2015年7月31日,2022北京冬奥会申办成功,北京成为历史上第一个既举办过夏奥会又将举办冬奥会的城市。此时中国正进人改革的深水区,超变态网页游戏,体育界也迎来了利益调整的关键时期,足球改革总体方案逐步落实,中国足球协正式脱离国家体育总局,新一轮的体育改革正蓄势待发。在这个特殊的节点上,2022北京冬奥会的申办成功是希望之春还是失望之冬?我们又如何看待时代赋予体育的历史使命?为此,《体育与科学》编辑部邀请了北京冬奥申委总策法务部副部长易剑东、中央电视台著名主持人张斌,与清华大学体育部孙科就2022北京冬奥申办的有关问题,展开了一场独特视角与宏大命题的对话。下面摘录了对话的第一部分。
张斌:举办奥运的利益得失本身就是一笔几乎无法算清楚的账,它深深嵌人社会肌体之中,伴随时代发展,你算经济账,有人会提醒你眼光要长远,多算算政治账,这不涉及任何的冒进,而是一个观念转化的过程,并不是你有很多机会能够举办世界杯、奥运会这些大型的赛事。
张斌:奥运会,从未倡导奢华,但并不拒绝高投人,不同国家和城市在各自的发展阶段中,借东道主身份分享奥运价值。西欧城市纷纷选择放弃,多数是受经济疲弱之累,有索契和北京作为参照,底气明显不足。未来十年,卡塔尔和俄罗斯以及中国、哈萨克斯坦都有决心保持大赛的高投人,一轮高增长之后,奥运会肯定将回落为常态,那时候西欧城市再行人场也不迟,奥运精神只有一个,但模式可以多样,各取所需,量力而行是不变法则。这里暗含的命题就是奥运会如何回归常态,高投人的逻辑如何被打破,奥运精神不变模式如何发展。
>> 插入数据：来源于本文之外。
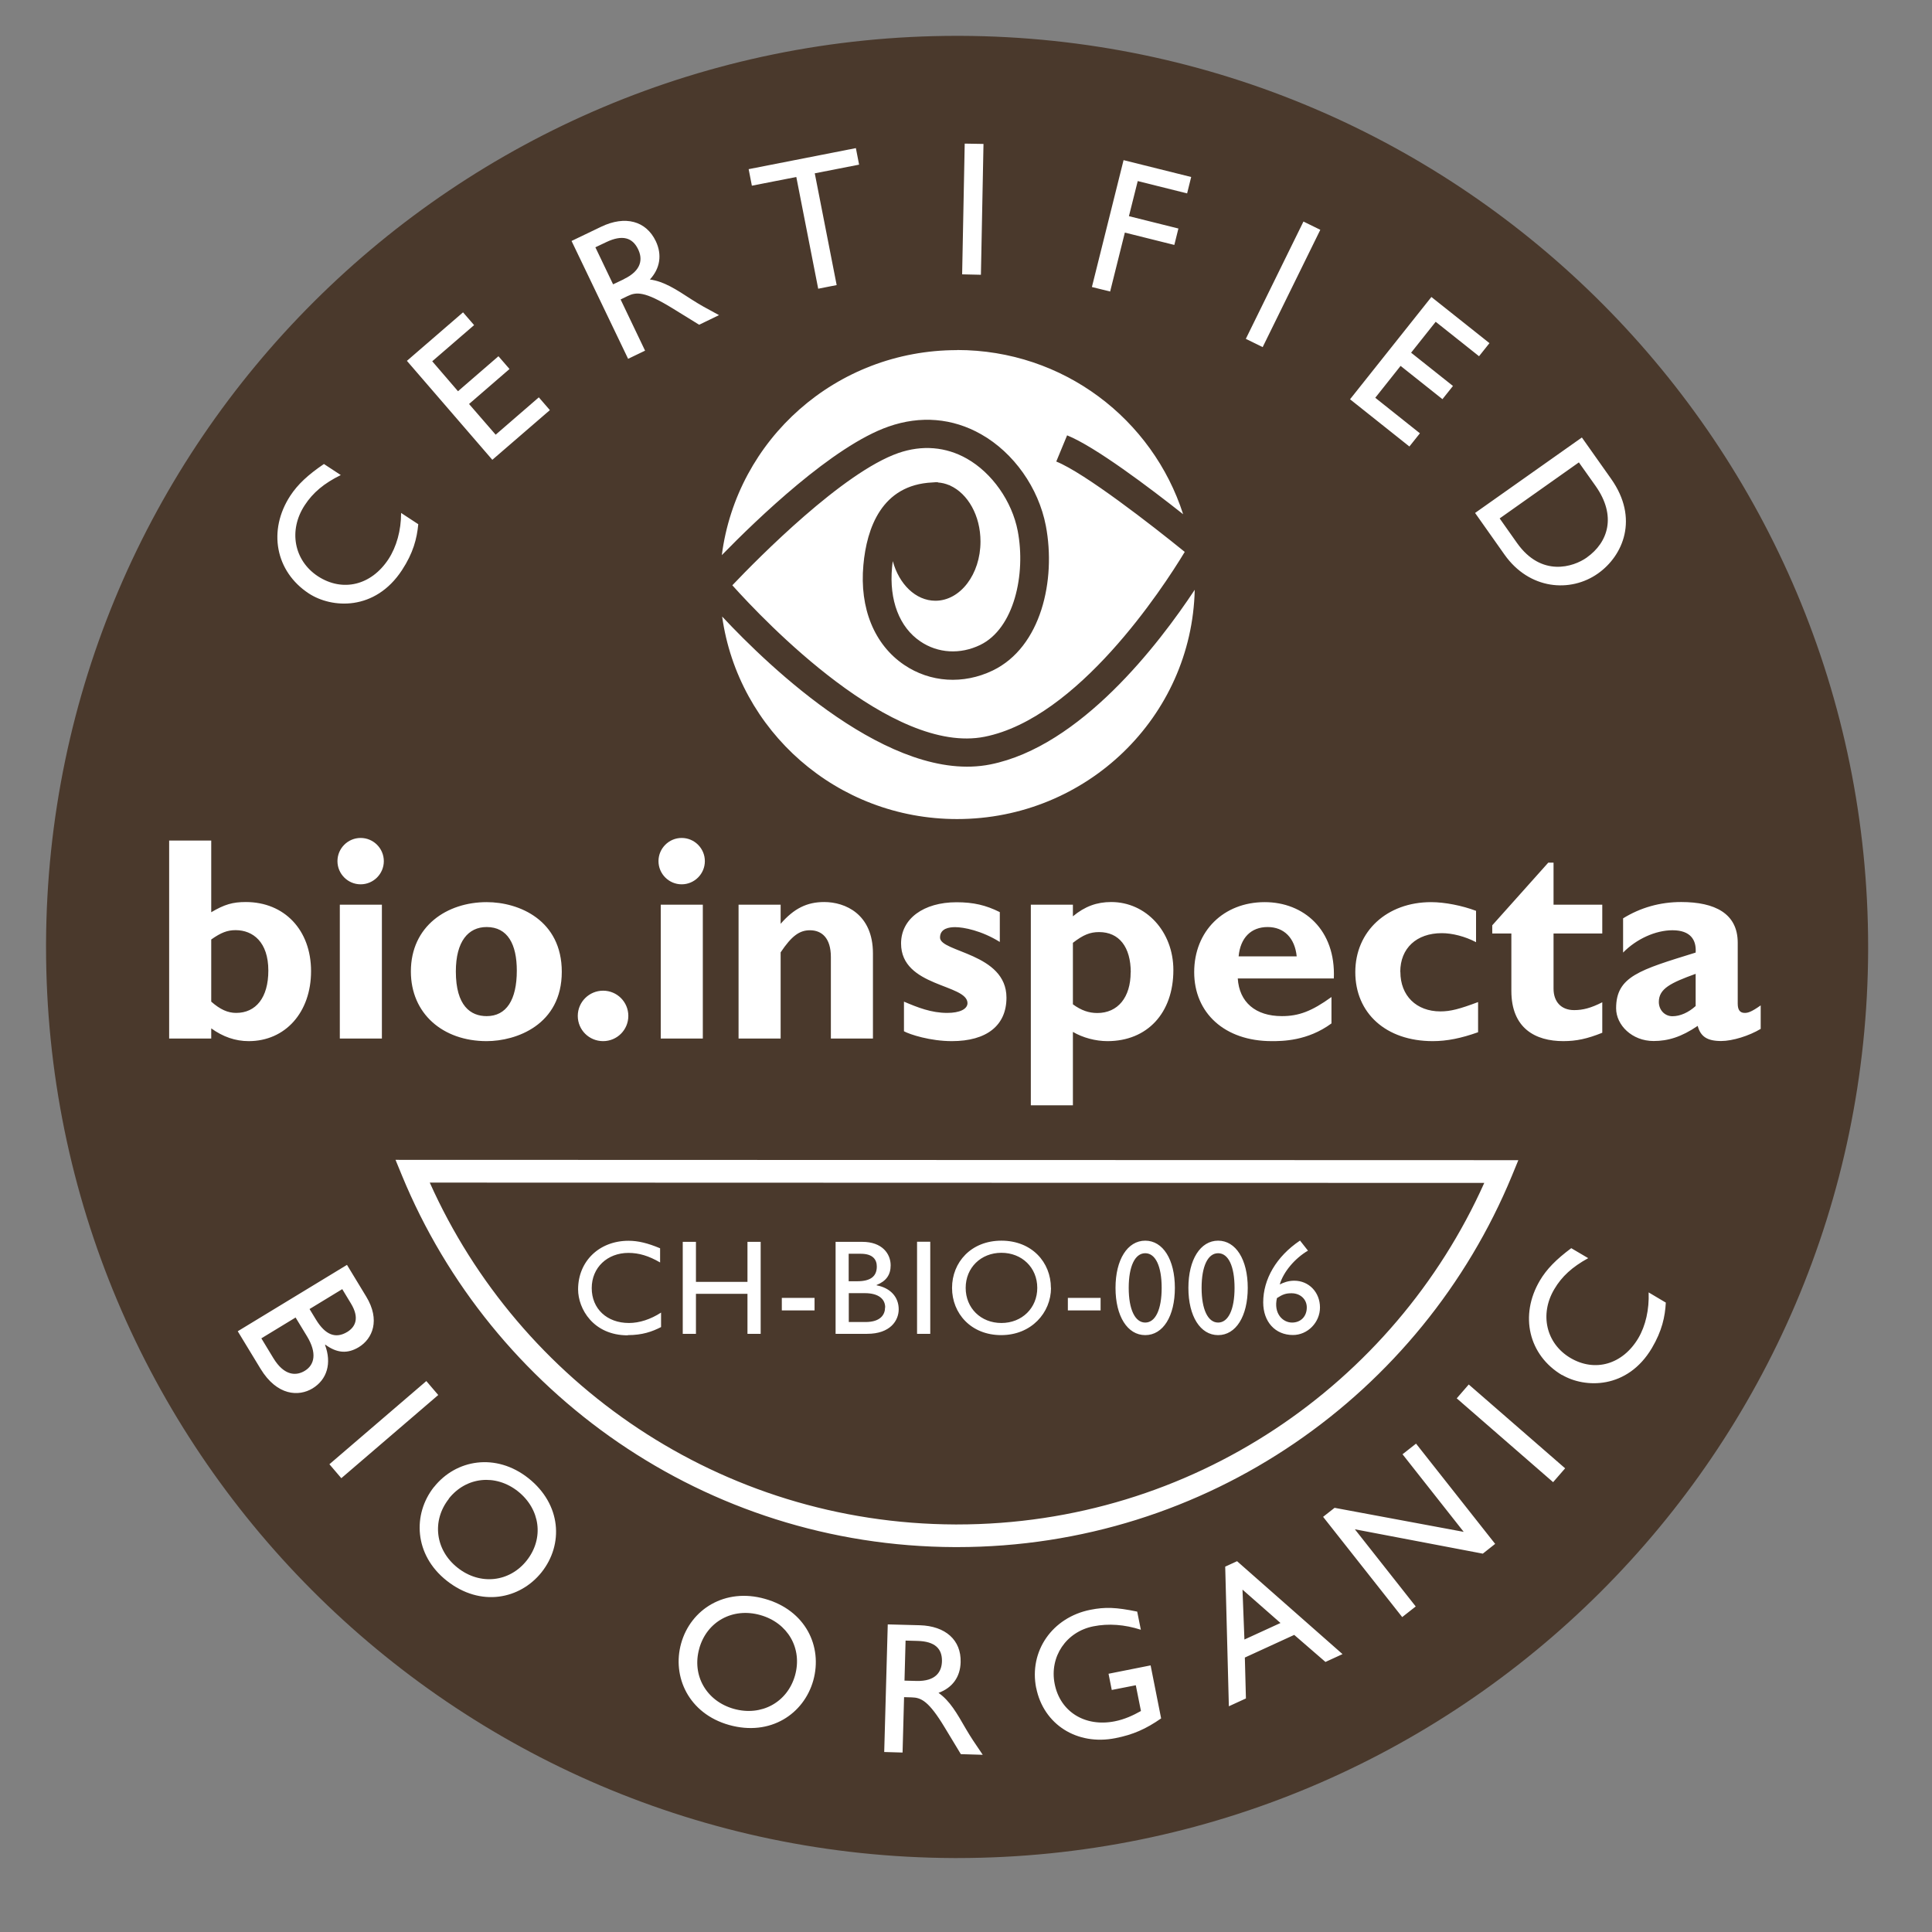 <?xml version="1.0" encoding="UTF-8"?><svg id="logo" xmlns="http://www.w3.org/2000/svg" viewBox="0 0 180 180"><rect x="0" y="0" width="180" height="180" fill="#808080" stroke="none"/><defs><style>.cls-1{fill:#4a392c;}.cls-2{fill:#fff;}</style></defs><path class="cls-1" d="M174.05,88.52v-.3c0-46.75-37.8-84.71-84.59-84.88-.1,0-.2,0-.3,0-46.73,0-84.7,37.81-84.87,84.59,0,.1,0,.2,0,.3,0,46.73,37.81,84.71,84.58,84.88h.3c46.75,0,84.72-37.81,84.88-84.58"/><path class="cls-2" d="M164.04,95.86v-2.19c-.92.65-1.22.7-1.49.7-.41,0-.65-.24-.65-.86v-5.68c0-2.73-2.14-3.79-5.27-3.79-1.97,0-3.79.52-5.41,1.52v3.19c1.24-1.27,3.03-2.08,4.6-2.08,1.7,0,2.24.92,2.16,2.08-5.22,1.62-7.41,2.22-7.41,5.19,0,1.57,1.49,3.05,3.49,3.05,1.35,0,2.6-.38,4.11-1.41.27,1,.89,1.41,2.19,1.41,1.05,0,2.6-.48,3.68-1.13M157.98,93.73c-.65.59-1.43.95-2.16.95s-1.27-.59-1.27-1.33c0-1.24,1.11-1.78,3.43-2.62v3ZM150.11,44.62l-2.73-3.86-9.95,7.03,2.74,3.88c2.32,3.28,6.15,3.57,8.71,1.76,2.35-1.66,3.83-5.13,1.23-8.81M147.83,51.95c-1.23.87-4.22,1.86-6.5-1.37l-1.61-2.28,7.38-5.22,1.56,2.2c1.97,2.79,1.17,5.25-.82,6.66M137.79,33.2l.98-1.23-5.41-4.3-7.58,9.53,5.53,4.4.98-1.23-4.16-3.31,2.36-2.97,3.9,3.1.98-1.23-3.9-3.1,2.29-2.88,4.04,3.21ZM115.32,91.16h8.95c.19-4.54-2.81-7.11-6.44-7.11-3.84,0-6.57,2.71-6.57,6.52s2.84,6.43,7.22,6.43c.97,0,3.33,0,5.57-1.65v-2.46c-1.84,1.33-3.05,1.78-4.62,1.78-2.46,0-3.97-1.3-4.11-3.51M115.4,89.1c.16-1.73,1.16-2.73,2.7-2.73s2.54,1.03,2.71,2.73h-5.41ZM117.64,32.34l5.37-10.93-1.57-.77-5.37,10.93,1.57.77ZM110.6,18.02l.38-1.53-6.3-1.57-2.95,11.82,1.7.42,1.37-5.49,4.61,1.15.38-1.53-4.61-1.15.82-3.27,4.61,1.15ZM91.39,25.59l.24-12.18-1.75-.03-.24,12.18,1.75.04ZM89.17,32.62c-11.3,0-20.53,8.34-21.92,19.1,3.29-3.37,10.36-10.18,15.54-11.98,2.97-1.04,5.96-.79,8.62.72,3.04,1.72,5.35,4.99,6.03,8.53.96,5.05-.43,11.3-4.95,13.48-2.74,1.32-5.83,1.12-8.26-.53-2.77-1.88-4.16-5.27-3.79-9.3.31-3.43,1.7-7.47,6.42-7.69.1,0,.18-.02.28-.02.01,0,.03,0,.04,0,.04,0,.08,0,.11,0h.14s-.06.01-.08.02c.38.02.75.11,1.1.26v-.02s.04.02.07.05c1.65.75,2.83,2.79,2.83,5.21,0,3.05-1.88,5.52-4.2,5.52-1.84,0-3.39-1.55-3.97-3.69-.02.19-.06.38-.07.59-.28,3.05.68,5.57,2.64,6.89,1.63,1.11,3.71,1.23,5.57.33,3.17-1.53,4.27-6.6,3.5-10.62-.53-2.76-2.39-5.41-4.74-6.74-1.96-1.11-4.17-1.29-6.39-.52-5.15,1.8-12.97,9.7-15.46,12.32,3.08,3.43,14.91,15.83,23.51,14.11,8.67-1.73,16.55-13.76,18.64-17.22-3.09-2.51-9.35-7.37-11.97-8.42l1.01-2.44c2.61,1.05,7.66,4.86,10.81,7.35-2.84-8.84-11.14-15.3-21.06-15.3M75.9,16.15l4.14-.81-.3-1.54-9.99,1.96.3,1.54,4.14-.81,2.04,10.41,1.72-.34-2.04-10.41ZM65.11,30.27l1.88-.91c-1.26-.68-1.71-.92-2.54-1.45-1.49-.97-2.59-1.69-3.9-1.87.95-1.03,1.15-2.3.55-3.57-.91-1.9-2.86-2.41-5.08-1.35l-2.77,1.33,5.27,10.98,1.58-.76-2.28-4.77.66-.32c.81-.39,1.59-.44,4.12,1.11l2.53,1.56ZM58.13,26.01l-1.01.48-1.65-3.45,1.01-.48c1.53-.73,2.44-.4,2.95.62.46.91.39,2.01-1.3,2.82M52.34,90.54c0-4.79-3.95-6.49-7-6.49-3.68,0-7.06,2.22-7.06,6.46,0,3.92,2.97,6.49,7.06,6.49,2.75,0,7-1.51,7-6.46M48.15,90.43c0,2.73-.97,4.24-2.81,4.24-1.49,0-2.87-.95-2.87-4.16,0-2.81,1.16-4.14,2.87-4.14,1.97,0,2.81,1.62,2.81,4.06M45.88,42.83l5.35-4.62-1.03-1.19-4.02,3.48-2.48-2.86,3.77-3.26-1.03-1.19-3.77,3.26-2.4-2.79,3.9-3.37-1.03-1.19-5.23,4.52,7.96,9.22ZM38.97,48.84l-1.6-1.05c0,1.64-.43,3.16-1.18,4.31-1.61,2.45-4.28,3.08-6.57,1.59-2.24-1.47-2.76-4.29-1.23-6.62.77-1.18,1.8-2.04,3.36-2.81l-1.57-1.03c-1.49,1.01-2.44,1.9-3.13,2.95-2.12,3.24-1.39,7.07,1.72,9.11,2.14,1.4,6.17,1.66,8.68-2.17,1.05-1.6,1.39-2.93,1.52-4.28M22.9,84.04c-1.22,0-1.98.22-3.22.95v-6.68h-3.92v18.45h3.92v-.95c1.08.78,2.24,1.19,3.49,1.19,3.41,0,5.81-2.68,5.81-6.52s-2.49-6.44-6.08-6.44M25,90.43c0,2.52-1.16,3.94-3,3.94-.78,0-1.49-.32-2.32-1.05v-5.79c.92-.65,1.51-.87,2.27-.87,1.62,0,3.05,1.11,3.05,3.76M32.32,117.85l-10.17,6.18,2.12,3.49c1.55,2.55,3.58,2.6,4.84,1.84,1.37-.83,1.81-2.36,1.17-4.06l.03-.02c1.08.79,2.06.87,3.12.23,1.28-.78,2.02-2.52.69-4.71l-1.79-2.95ZM28.61,124.51c.93,1.54.71,2.65-.22,3.21-.76.46-1.89.52-2.93-1.2l-1.11-1.83,3.19-1.94,1.07,1.76ZM31.89,120.11l.81,1.34c.81,1.34.42,2.17-.34,2.64-1.09.66-2.05.29-2.93-1.16l-.59-.97,3.04-1.85ZM35.58,84.29h-3.92v12.47h3.92v-12.47ZM31.44,80.23c0,1.19.97,2.16,2.16,2.16s2.16-.97,2.16-2.16-.97-2.16-2.16-2.16-2.16.97-2.16,2.16M39.72,128.67l-9.03,7.75,1.11,1.3,9.03-7.75-1.11-1.3ZM40.43,138.54c-2,2.53-1.86,6.32,1.19,8.73,3.16,2.5,6.84,1.72,8.84-.79,2.06-2.6,1.84-6.32-1.23-8.76-3.02-2.39-6.75-1.76-8.8.83M41.81,139.63c1.62-2.05,4.36-2.33,6.44-.69,2.09,1.66,2.45,4.38.83,6.44-1.61,2.04-4.36,2.34-6.45.68-2.08-1.64-2.42-4.38-.81-6.42M63.46,153.11c-.87,3.11.71,6.54,4.46,7.6,3.88,1.09,6.98-1.05,7.85-4.14.89-3.19-.73-6.55-4.51-7.61-3.71-1.05-6.91.97-7.8,4.15M65.15,153.58c.71-2.52,3.13-3.83,5.68-3.11,2.57.72,3.95,3.11,3.24,5.63-.71,2.5-3.13,3.83-5.7,3.11-2.56-.72-3.93-3.12-3.22-5.62M82.71,151.34l-.33,11.89,1.71.05.14-5.16.71.02c.87.02,1.58.32,3.08,2.81l1.5,2.48,2.04.06c-.79-1.16-1.07-1.57-1.56-2.4-.87-1.51-1.5-2.62-2.56-3.37,1.29-.47,2.03-1.48,2.06-2.86.06-2.06-1.41-3.37-3.81-3.44l-3-.08ZM84.27,156.58l.1-3.73,1.1.03c1.66.04,2.3.74,2.29,1.86-.01,1-.56,1.92-2.39,1.87l-1.1-.03ZM96.54,157.25c.68,3.42,3.81,5.4,7.38,4.69,1.63-.32,2.84-.85,4.26-1.84l-.98-4.94-3.92.78.3,1.51,2.24-.44.48,2.4c-.75.42-1.53.78-2.44.96-2.77.55-5.09-.89-5.6-3.49-.5-2.53,1.08-4.86,3.61-5.36,1.41-.28,2.9-.17,4.42.32l-.34-1.69c-1.98-.41-2.99-.44-4.36-.17-3.56.71-5.74,3.86-5.05,7.3M115.24,145.46l-1.09.5.34,13.01,1.59-.73-.1-3.81,4.6-2.11,2.91,2.52,1.59-.73-9.83-8.66ZM115.76,148.1l3.54,3.11-3.36,1.54-.18-4.66ZM123.27,141.32l7.37,9.34,1.26-.99-5.67-7.19,11.92,2.27,1.15-.91-7.37-9.34-1.26.99,5.7,7.23-12.03-2.24-1.07.84ZM135.72,130.28l8.98,7.81,1.12-1.29-8.98-7.81-1.12,1.29ZM56.19,97c1.3,0,2.35-1.05,2.35-2.35s-1.05-2.35-2.35-2.35-2.36,1.05-2.36,2.35,1.05,2.35,2.36,2.35M109.32,90.37c0-3.57-2.54-6.33-5.79-6.33-1.35,0-2.46.41-3.57,1.33v-1.08h-3.92v18.69h3.92v-6.84c.92.54,2.11.86,3.22.86,3.71,0,6.14-2.62,6.14-6.62M105.34,90.59c0,2.33-1.19,3.79-3.11,3.79-.78,0-1.49-.24-2.27-.81v-5.73c.97-.75,1.6-1,2.44-1,1.86,0,2.95,1.38,2.95,3.76M90.14,93.45c0,.57-.73.92-1.89.92-1.49,0-2.76-.51-4.03-1.05v2.76c.54.3,2.46.92,4.46.92,3.25,0,5.09-1.46,5.09-4.05,0-4.16-6.19-4.22-6.19-5.6,0-.87.89-.97,1.41-.97.78,0,2.46.32,4.16,1.38v-2.78c-1.3-.65-2.46-.92-4.03-.92-3.08,0-5.17,1.54-5.17,3.84,0,4.08,6.19,3.76,6.19,5.57M67.28,57.44c1.49,10.64,10.67,18.87,21.89,18.87,12.08,0,21.87-9.52,22.14-21.36-3.36,5.08-10.65,14.59-19.04,16.27-9.23,1.85-20.57-9.05-24.99-13.78M72.73,96.76v-8.03c1.03-1.54,1.76-2.06,2.73-2.06,1.11,0,1.95.73,1.95,2.49v7.6h3.92v-7.93c0-3.68-2.6-4.79-4.54-4.79-1.6,0-2.81.59-4.06,2.03v-1.78h-3.92v12.47h3.92ZM65.48,84.29h-3.92v12.47h3.92v-12.47ZM61.35,80.23c0,1.19.97,2.16,2.16,2.16s2.16-.97,2.16-2.16-.97-2.16-2.16-2.16-2.16.97-2.16,2.16M141.47,108.09l-104.62-.03.6,1.46c8.34,20.25,28.25,34.54,51.51,34.62v-1.06s0,1.06,0,1.06h.2c23.32,0,43.31-14.28,51.7-34.59l.6-1.46ZM138.29,110.2c-8.41,18.77-27.24,31.83-49.12,31.83h-.19c-21.82-.08-40.57-13.14-48.94-31.85l98.26.03ZM122.98,121.82c0-1.42-1.03-2.5-2.4-2.5-.57,0-1.01.18-1.35.35.35-1.19,1.42-2.44,2.63-3.15l-.74-.94c-2.22,1.49-3.43,3.61-3.43,5.76,0,1.81,1.12,3.04,2.77,3.04,1.37,0,2.52-1.17,2.52-2.57M121.75,121.81c0,.84-.56,1.41-1.37,1.41-.89,0-1.74-.87-1.41-2.28.54-.35.83-.45,1.36-.45.82,0,1.42.56,1.42,1.32M116.25,119.99c0-2.64-1.11-4.4-2.76-4.4s-2.77,1.76-2.77,4.4,1.11,4.4,2.77,4.4,2.76-1.76,2.76-4.4M115.02,119.99c0,2.01-.58,3.23-1.53,3.23s-1.54-1.22-1.54-3.23.58-3.23,1.54-3.23,1.53,1.22,1.53,3.23M109.46,119.99c0-2.64-1.11-4.4-2.76-4.4s-2.77,1.76-2.77,4.4,1.11,4.4,2.77,4.4,2.76-1.76,2.76-4.4M108.23,119.99c0,2.01-.58,3.23-1.53,3.23s-1.54-1.22-1.54-3.23.58-3.23,1.54-3.23,1.53,1.22,1.53,3.23M99.49,122.09h3.05v-1.17h-3.05v1.17ZM97.91,119.99c0-2.39-1.78-4.4-4.61-4.4s-4.6,2.02-4.6,4.4,1.77,4.4,4.58,4.4,4.64-2.09,4.64-4.4M96.64,119.99c0,1.87-1.42,3.27-3.34,3.27s-3.33-1.39-3.33-3.27,1.42-3.27,3.33-3.27,3.34,1.38,3.34,3.27M85.44,124.27h1.23v-8.58h-1.23v8.58ZM83.73,121.99c0-1.16-.78-2-2.06-2.24v-.03c.89-.36,1.31-.94,1.31-1.83,0-1.08-.79-2.19-2.64-2.19h-2.49v8.57h2.94c2.15,0,2.94-1.23,2.94-2.29M79.89,119.37h-.82v-2.56h1.13c1.13,0,1.49.55,1.49,1.19,0,.92-.59,1.37-1.81,1.37M82.46,121.81c0,.64-.39,1.36-1.83,1.36h-1.55v-2.69h1.49c1.29,0,1.9.55,1.9,1.33M72.84,122.09h3.05v-1.17h-3.05v1.17ZM69.64,124.27h1.23v-8.57h-1.23v3.73h-4.8v-3.73h-1.23v8.57h1.23v-3.73h4.8v3.73ZM58.49,124.39c1.35,0,2.26-.32,3.1-.75v-1.35c-.97.63-2.02.97-2.99.97-2.06,0-3.47-1.33-3.47-3.25s1.46-3.28,3.42-3.28c.99,0,1.9.28,2.95.89v-1.32c-1.17-.49-2.06-.7-2.94-.7-2.73,0-4.7,1.91-4.7,4.53,0,1.8,1.41,4.28,4.63,4.28M130.46,90.54c0-2.19,1.51-3.6,3.87-3.6.97,0,2.16.3,3.19.84v-2.92c-1.3-.49-2.92-.81-4.19-.81-4.11,0-7.06,2.71-7.06,6.52s2.84,6.43,7.22,6.43c1.32,0,2.65-.27,4.22-.83v-2.81c-1.73.65-2.57.87-3.51.87-2.24,0-3.73-1.46-3.73-3.68M144.74,92.11v-5.14h4.54v-2.68h-4.54v-3.92h-.49l-5.22,5.84v.76h1.78v5.35c0,3.49,2.24,4.68,4.84,4.68,1.22,0,2.24-.22,3.63-.78v-2.84c-1.06.54-1.81.73-2.62.73-1.22,0-1.92-.79-1.92-2M145.52,128.09c2.14,1.27,6.1,1.35,8.38-2.49.95-1.61,1.23-2.93,1.3-4.24l-1.6-.95c.06,1.6-.28,3.1-.96,4.26-1.46,2.46-4.05,3.2-6.34,1.84-2.25-1.34-2.88-4.06-1.49-6.4.7-1.19,1.67-2.07,3.16-2.89l-1.58-.93c-1.41,1.05-2.3,1.96-2.92,3.01-1.93,3.26-1.05,6.97,2.07,8.82"/></svg>

如今,当然不至“浩劫”,但奥运会已经难以摆脱昂贵之名,如何评估一届奥运会的长远价值已成关键,越来越多的城市选择了审慎,最悲观者甚至在问——“谁还需要奥运会?”
孙科:历届国家奥委会主席各有各的难处都遇到过危机,如罗格的奥运瘦身计划、奥林匹克教育文化计划,力推青奥会遭遇阻力;萨马兰奇在权力之争、过度商业化、盐湖城丑闻中多次逆转困境;基拉宁面临复杂国际局势,在莫斯科奥运会的问题上采取积极的和非政治的态度;布伦戴奇反对商业化、职业化、政治化的主张,最终却使自己陷人了政治漩涡。从这些来看,巴赫面临的困难似乎小了一些,但其力推《奥林匹克2020议程》的创举以及其他的努力,也值得尊敬。
易剑东:坦率地说,早在今年6月中下旬,我就预算这次申办,我们的结果是险胜或者惜败。第一时间得知总投票委员是85人时,我预测我方的票数是45票。结果出来时我在央视参加直播节目,主持人都对我的平静感到很吃惊,但我确实认为一切在我意料之中。我这样说,并不是想表明自己有多高明,而是想指出:影响乃至决定申办结果的因素很多,我们不能只考虑有利的因素,不顾及不利的因素,更不能忽视对于同样一个信息,别人的解读可能与你完全不同。比如6月1日国际奥委会评估委员会发布的《评估报告》,是继《奥林匹克2020议程》发布以来的第一个对候选城市进行评价的报告,这份报告不像以往那样只是笼统地评价,而是从机遇与优势、挑战与风险这几个角度来进行评价。报告指出北京共有优势45条、风险17条,阿拉木图有优势46条,风险30条。北京强调自己安全、可靠的做法是明智的,这也是国内外专家一致认可的做法。但对我来说,没有拘泥机遇和风险的数量来简单评价,而是分析我们的风险是不是容易克服,比如自然降雪被评估委员会几乎忽略不计,说我们完全依靠人工造雪。比如评估委员会对雪上赛区3月中旬的气温偏高的疑虑,比如对我们雪上赛区赛后可持续发展的担忧,这些都是实实在在的,不像有些专家说的:我们的问题是靠钱和人力可以解决的,而对手的问题是没法解决的。我们最有利的外部条件被很多人忽视,这可能恰恰是最后我们胜出4票的关键。那就是2016里约、2018平昌、2020东京三届奥运会或冬奥会筹办中出现的问题,比如里约的场馆建设进度滞后,平昌冬奥会的场馆和各项投资出现中央、地方和举办地分担不利的争执,东京甚至出现场馆建设的较大调整和争议,这些问题都容易使国际奥委会委员们对举办国家和城市的政治效力和财务保障能力产生质疑。刚退休的前奥运会部主任费利为此专门去里约监督组委会加快工作进度,可见政府效力和财务保障问题极其关键,这是我们虽然惊险但最后依然获胜的最重要原因。